I looked at your page Convert HTML to PDF in .NET|Aspose.PDF for .NET and as far as I can tell my code is an almost literal copy of same, except for the fact that I code in VB.NET. The following is my actual code:
Dim sFile As String
sFile = "https://bbc.co.uk/news"
'Perform Web Request
Dim oRequest As System.Net.HttpWebRequest = Nothing
Dim oResponse As System.Net.HttpWebResponse = Nothing
Dim oStream As IO.MemoryStream = Nothing
Dim oStreamReader As IO.StreamReader = Nothing
Dim sResponse As String
Dim oHTML As Aspose.Pdf.HtmlLoadOptions = Nothing
Dim oPDF As Aspose.Pdf.Document = Nothing
Try
oRequest = Net.HttpWebRequest.Create(requestUri:=New Uri(sFile))
If sFile.ToLower.IndexOf("https://") = 0 Then
Try
oRequest.UseDefaultCredentials = True
Catch ex As Exception
End Try
End If
oResponse = oRequest.GetResponse()
oStreamReader = New IO.StreamReader(oResponse.GetResponseStream())

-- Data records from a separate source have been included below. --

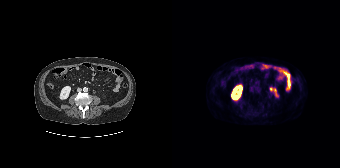
Left: CT. Right: PSMA PET, same axial level, 18F tracer. Acquired on Siemens Biograph 64-4R TruePoint. Negative for PSMA-avid disease on this slice.
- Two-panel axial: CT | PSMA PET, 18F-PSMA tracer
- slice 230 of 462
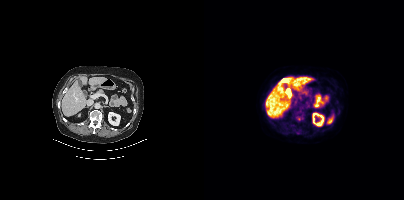
Findings: This slice has no annotated PSMA-avid lesion.
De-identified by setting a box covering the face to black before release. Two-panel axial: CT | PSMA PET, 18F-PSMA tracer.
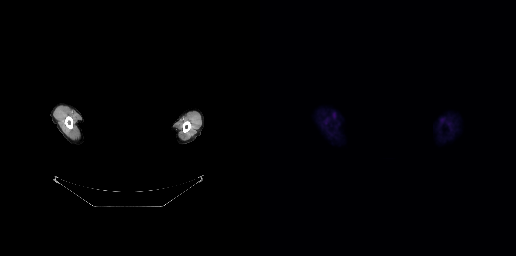
Negative for PSMA-avid disease on this slice.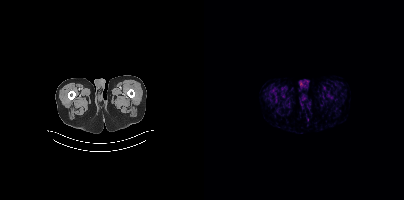
Findings: No tumor lesions annotated on this slice.
- Paired axial CT (left) and PSMA PET (right), 18F-PSMA tracer
- slice position z = -1570 mm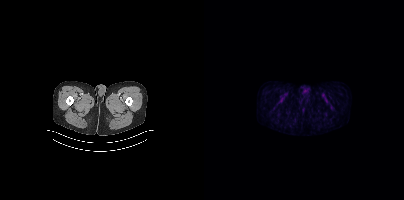
Negative for PSMA-avid disease on this slice.
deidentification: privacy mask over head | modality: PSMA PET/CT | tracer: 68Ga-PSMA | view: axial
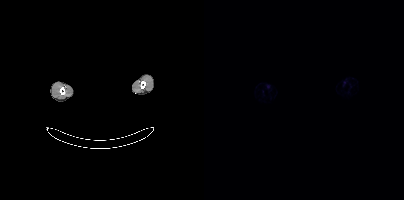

sResponse = oStreamReader.ReadToEnd()
If Not oStreamReader Is Nothing Then
Try
oStreamReader.Close()
Catch
End Try
Try
oStreamReader.Dispose()
Catch
End Try
oStreamReader = Nothing
End If
Try
oResponse.Close()
Catch
End Try
Try
oResponse.Dispose()
Catch
End Try
oResponse = Nothing
oStream = New IO.MemoryStream(System.Text.Encoding.UTF8.GetBytes(sResponse))
'oResult.Action = "Load into PDF"
Try
oHTML = New Aspose.Pdf.HtmlLoadOptions(basePath:=sFile)
Catch ex As Exception
'This is part of a DLL - for your testing you can replace this with a simple Return False
Return False
'oResult.Data = ex.Message
'oResult.Response = ConverterResponse.unknownerror
'Return oResult
End Try
Try
oPDF = New Aspose.Pdf.Document(input:=oStream, options:=oHTML)
Catch ex As Exception
'This is part of a DLL - for your testing you can replace this with a simple Return False
Return False
'oResult.Data = ex.Message
'oResult.Response = ConverterResponse.unknownerror
'Return oResult
End Try
Try
oPDF.Save(outputFileName:=sToFileName, format:=Aspose.Pdf.SaveFormat.Pdf)
Catch ex As Exception
'This is part of a DLL - for your testing you can replace this with a simple Return False
Return False
'oResult.Data = ex.Message
'oResult.Response = ConverterResponse.unknownerror
'Return oResult
End Try
Catch ex As Exception
Finally
If Not oPDF Is Nothing Then
Try
oPDF.Dispose()
Catch
End Try
oPDF = Nothing
End If
If Not oHTML Is Nothing Then
oHTML = Nothing
End If
If Not oStream Is Nothing Then
Try
oStream.Close()
Catch
End Try
Try
oStream.Dispose()
Catch
End Try
oStream = Nothing
End If
If Not oStreamReader Is Nothing Then
Try
oStreamReader.Close()
Catch
End Try
Try
oStreamReader.Dispose()
Catch
End Try
oStreamReader = Nothing
End If
If Not oResponse Is Nothing Then
Try
oResponse.Close()
Catch
End Try
Try
oResponse.Dispose()
Catch
End Try
oResponse = Nothing
End If
If Not oRequest Is Nothing Then
oRequest = Nothing
End If
End Try
We were able to replicate the issue in our environment while using Aspose.PDF for .NET 19.10. Hence, we have logged it as PDFNET-47185 in our issue tracking system for the sake of correction. We will further look into details of the issue and keep you posted with the status of its correction. Please be patient and spare us little time.